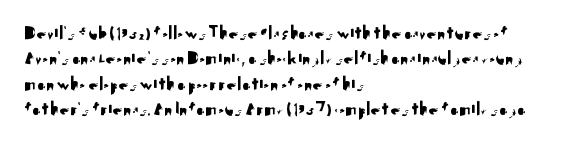
Layout note: lines flush left. The zone under the glyphs is completely vacant. The gaps between neighbouring characters are ordinary and unremarkable. Ascenders rise straight up at ninety degrees. Leading matches the norm, producing a regular column.
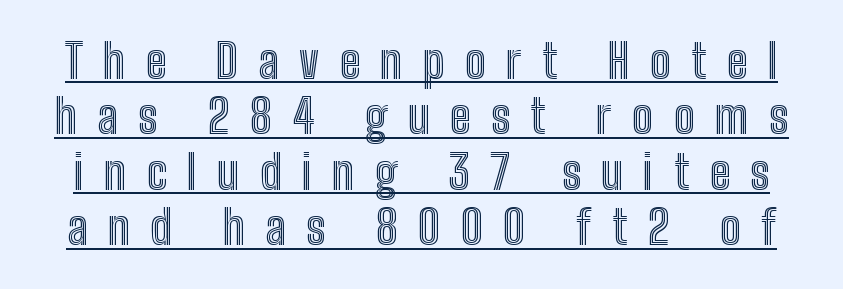
The gaps between neighbouring characters are conspicuously large. This is underlined copy, the kind a proofreader might mark for attention. Every stem runs plumb, perpendicular to the baseline. Note the varied advance widths — an 'i' is clearly narrower than an 'm'.
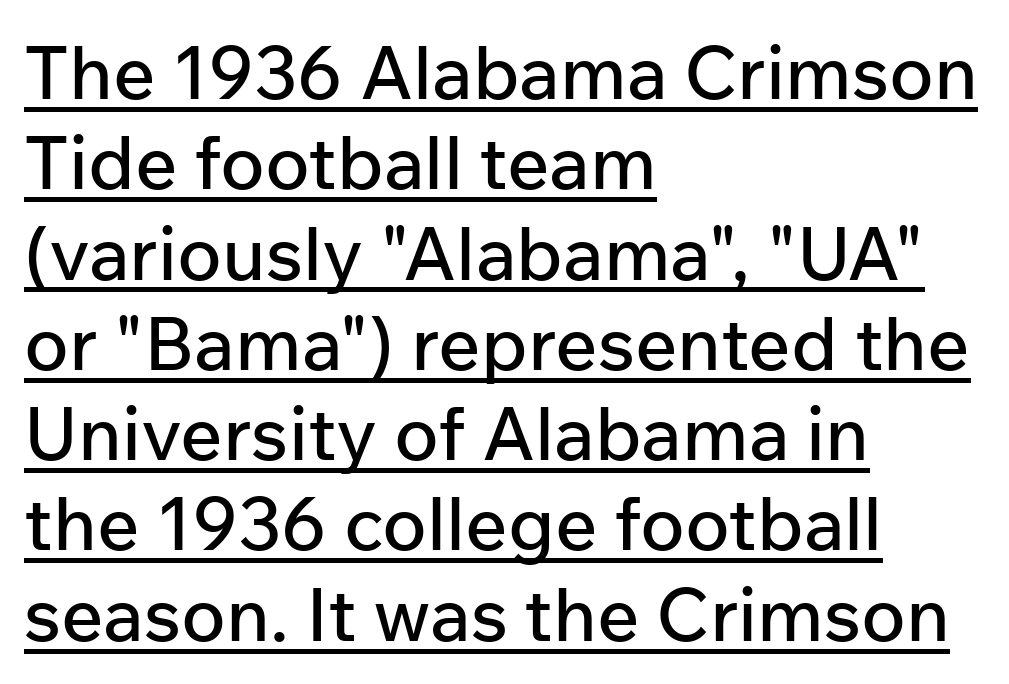
In terms of posture, this sample is upright. The type is set solid horizontally, with unmodified tracking. Honestly, the underline is the first thing you notice here. These lines are rendered in a variable-pitch font. A sans-serif font was chosen for this passage. Line starts are locked; line ends wander.
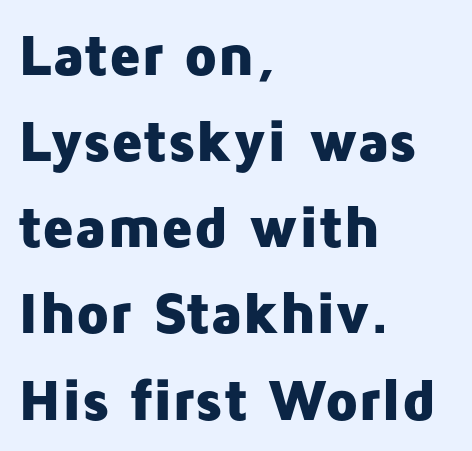
The image shows 59 px heavy sans-serif type, upright; set left-aligned, normal line spacing (1.46x), normal letter spacing, not underlined; low stroke contrast and a medium x-height.
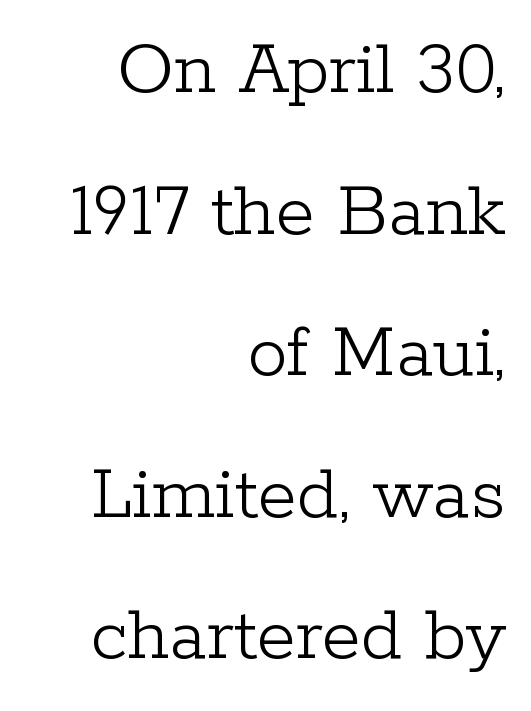
Q: Is the text bold? A: No.
Q: Is the text italic (slanted)? A: No, it is upright.
Q: Is the typeface a serif or a sans-serif typeface? A: Serif.
Q: Is the text underlined? A: No.
Q: How is the paragraph aligned? A: Right-aligned.
Q: Is the spacing between letters normal or unusually wide? A: Normal.
Q: Width (condensed, normal, or wide)? A: Normal.
Q: Stroke contrast? A: Low.
Q: x-height? A: Medium.
Q: Monospaced? A: No.
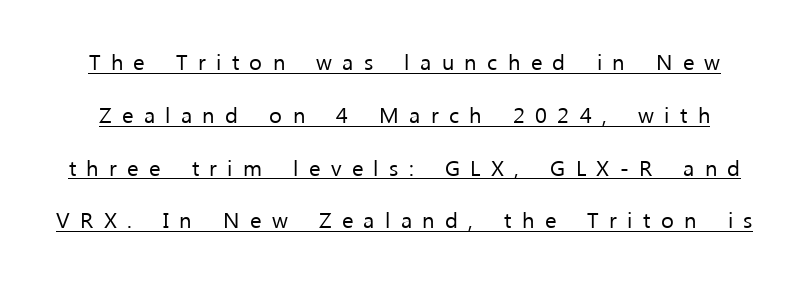
What's the leading like? Stretched, with rows far apart. The face looks like a standard text weight, possibly lighter. No italicization has been applied; the sample stays upright. Tracking value appears strongly positive — letters spread wide. This rendering features underlined lettering.
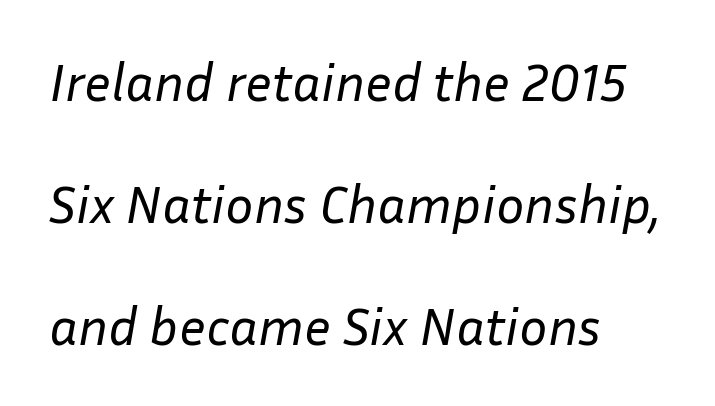
{"italic": "yes", "lean": "right", "slant_degrees": 10, "bold": "no", "weight": "regular", "width": "normal", "stroke_contrast": "low", "x_height": "medium", "monospaced": "no", "underline": "no", "align": "left", "line_spacing": "loose", "line_spacing_ratio": 2.3, "letter_spacing": "normal", "letter_spacing_em": 0.0, "glyph_px": 53}
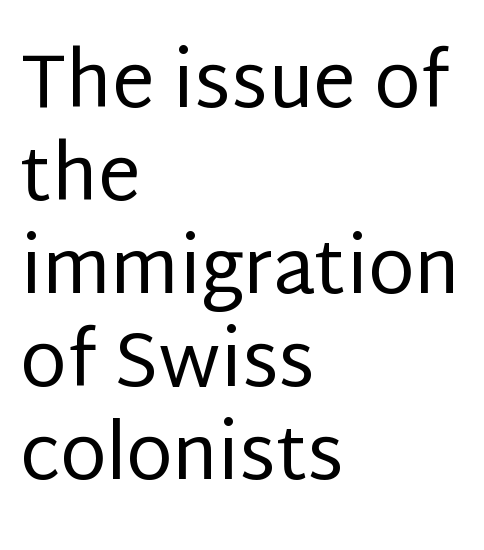
The setting favours the left margin, as ordinary paragraphs usually do. Between one letter and the next there's only the usual sliver of space. No extra ink here — the face is not bold. The area under the type is left untouched. Character widths vary here, with narrow letters taking less room than wide ones.
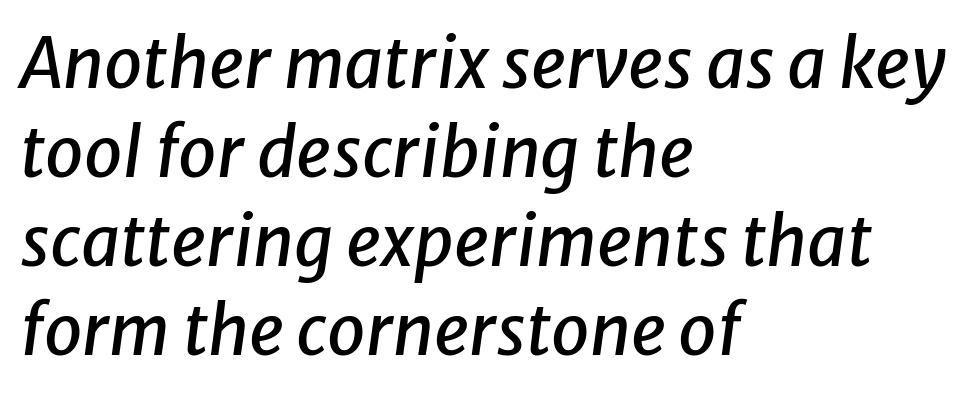
{"italic": "yes", "lean": "right", "slant_degrees": 8, "width": "normal", "stroke_contrast": "low", "x_height": "medium", "monospaced": "no", "underline": "no", "align": "left", "line_spacing": "normal", "line_spacing_ratio": 1.29, "letter_spacing": "normal", "letter_spacing_em": 0.0, "glyph_px": 69}
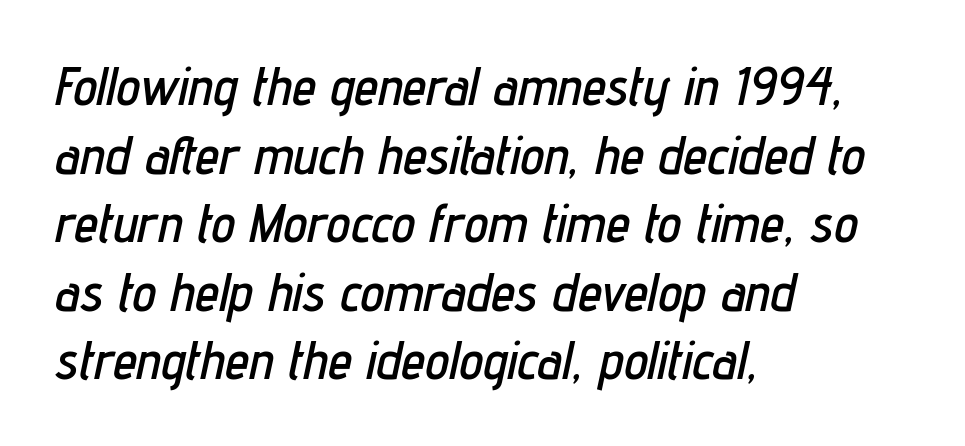
Varying glyph widths throughout — classic text-font behaviour. These lines were composed using italics. One-word summary of the alignment: left. A typesetter would call this zero additional tracking. Only glyphs here, with clear space below each row.
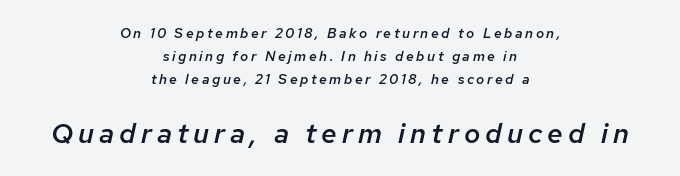
The image shows 28 px semibold type, italic (leaning right); set centered, normal line spacing (1.64x), not underlined; the second (bottom) block is 2.0x larger; low stroke contrast and a medium x-height.
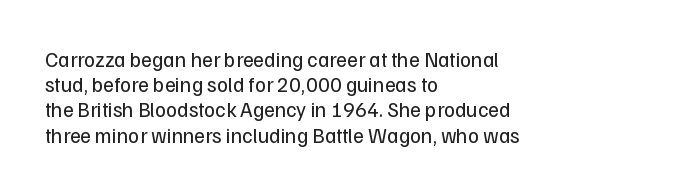
The image shows 21 px text type, upright; set left-aligned, line spacing 1.2x, normal letter spacing, not underlined.
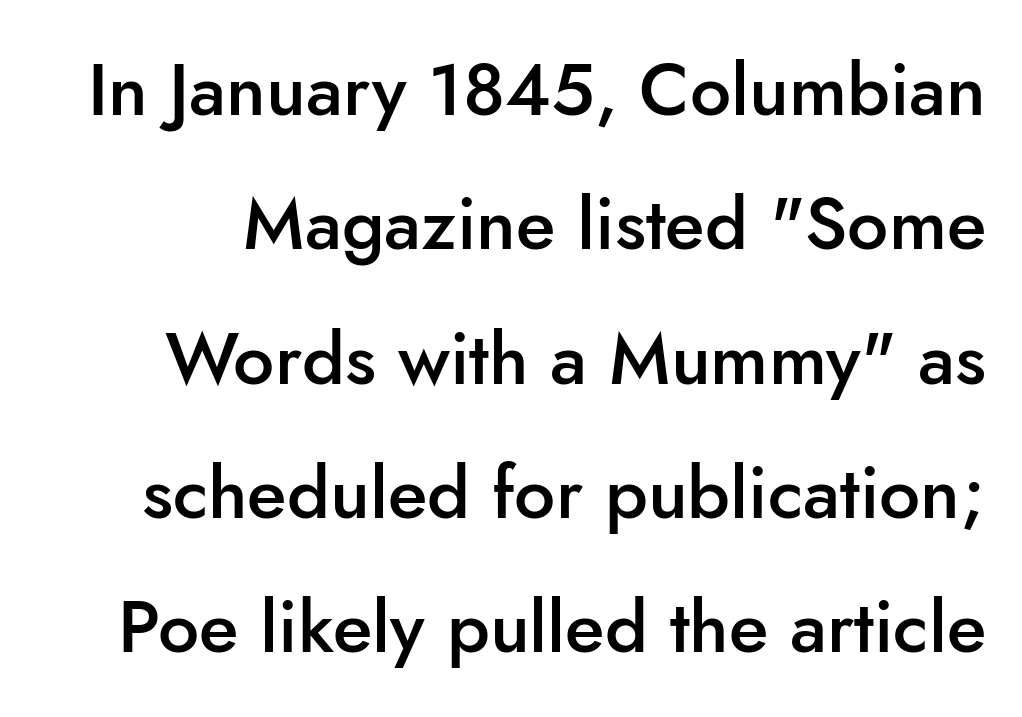
Compared with typical body copy, the letter spacing here is the same. Nope, no serifs anywhere on these letters. Quick note: not italic, upright. The gap between lines stays unmarked. Is the type bold? Partly — it's a semibold, heavier than regular but not fully bold.
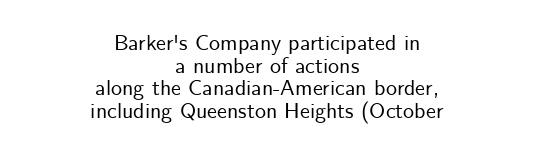
Upright lettering throughout. These lines stack symmetrically, like a column narrowing and widening about its center. Descender tails drop into unmarked territory. The passage shown has conventional tracking throughout. How would I describe the line gaps? Narrow and economical.
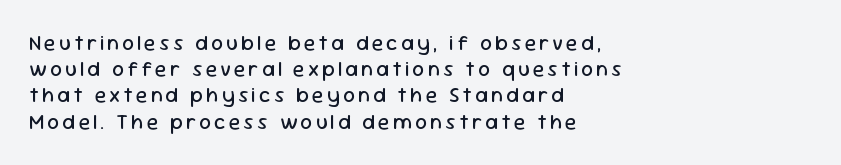
{"italic": "no", "bold": "no", "underline": "no", "align": "left", "line_spacing": "normal", "line_spacing_ratio": 1.25, "glyph_px": 21}
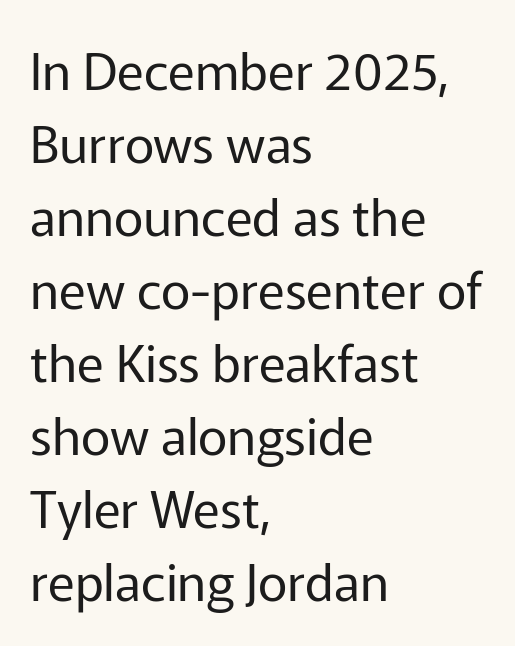
{"serif": "no", "italic": "no", "bold": "no", "weight": "regular", "width": "normal", "stroke_contrast": "low", "x_height": "medium", "monospaced": "no", "underline": "no", "align": "left", "line_spacing": "normal", "line_spacing_ratio": 1.43, "letter_spacing": "normal", "letter_spacing_em": 0.0, "glyph_px": 51}
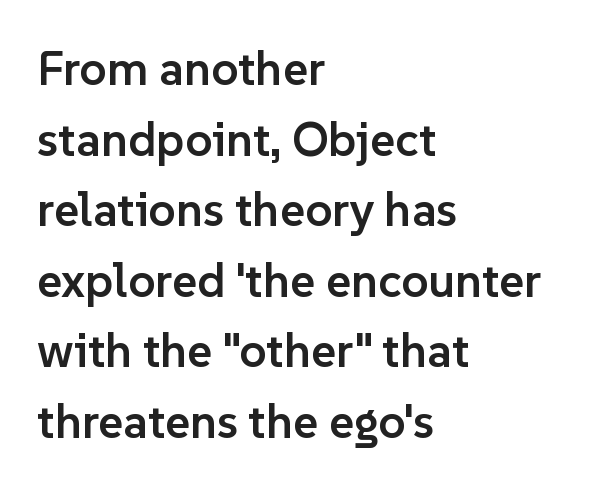
Grotesque or geometric, the face here clearly has no serifs. Students, this is semibold: more ink than regular, less than bold. Characters remain perfectly vertical along every line. Tracking value appears to be zero — textbook default spacing.
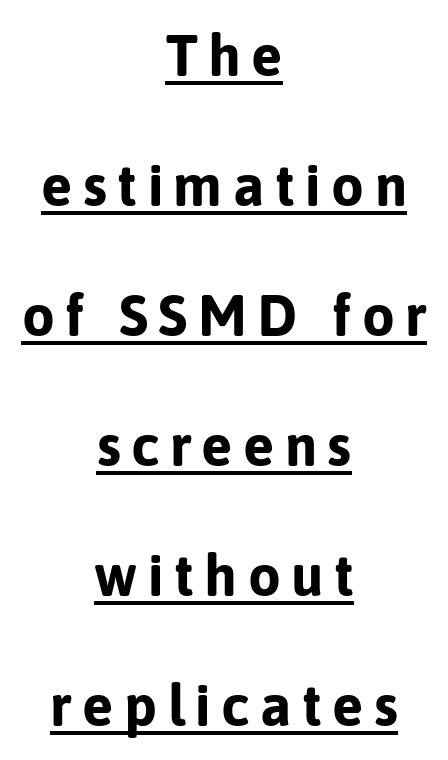
{"serif": "no", "italic": "no", "bold": "yes", "weight": "bold", "width": "normal", "stroke_contrast": "low", "x_height": "medium", "monospaced": "no", "underline": "yes", "align": "center", "line_spacing": "loose", "line_spacing_ratio": 2.24, "glyph_px": 58}
# # # #
**ABOUT THIS EXERCISE**:
Set down again, word for word, every line from the one with "The gaps between neighbouring characters are conspicuously" to the one with "Q: Monospaced? A: No." in the entries above, and omit the pictures.

**EXERCISE RESULT**:
The gaps between neighbouring characters are conspicuously large. This is underlined copy, the kind a proofreader might mark for attention. Every stem runs plumb, perpendicular to the baseline. Note the varied advance widths — an 'i' is clearly narrower than an 'm'.
In terms of posture, this sample is upright. The type is set solid horizontally, with unmodified tracking. Honestly, the underline is the first thing you notice here. These lines are rendered in a variable-pitch font. A sans-serif font was chosen for this passage. Line starts are locked; line ends wander.
The image shows 59 px heavy sans-serif type, upright; set left-aligned, normal line spacing (1.46x), normal letter spacing, not underlined; low stroke contrast and a medium x-height.
Q: Is the text bold? A: No.
Q: Is the text italic (slanted)? A: No, it is upright.
Q: Is the typeface a serif or a sans-serif typeface? A: Serif.
Q: Is the text underlined? A: No.
Q: How is the paragraph aligned? A: Right-aligned.
Q: Is the spacing between letters normal or unusually wide? A: Normal.
Q: Width (condensed, normal, or wide)? A: Normal.
Q: Stroke contrast? A: Low.
Q: x-height? A: Medium.
Q: Monospaced? A: No.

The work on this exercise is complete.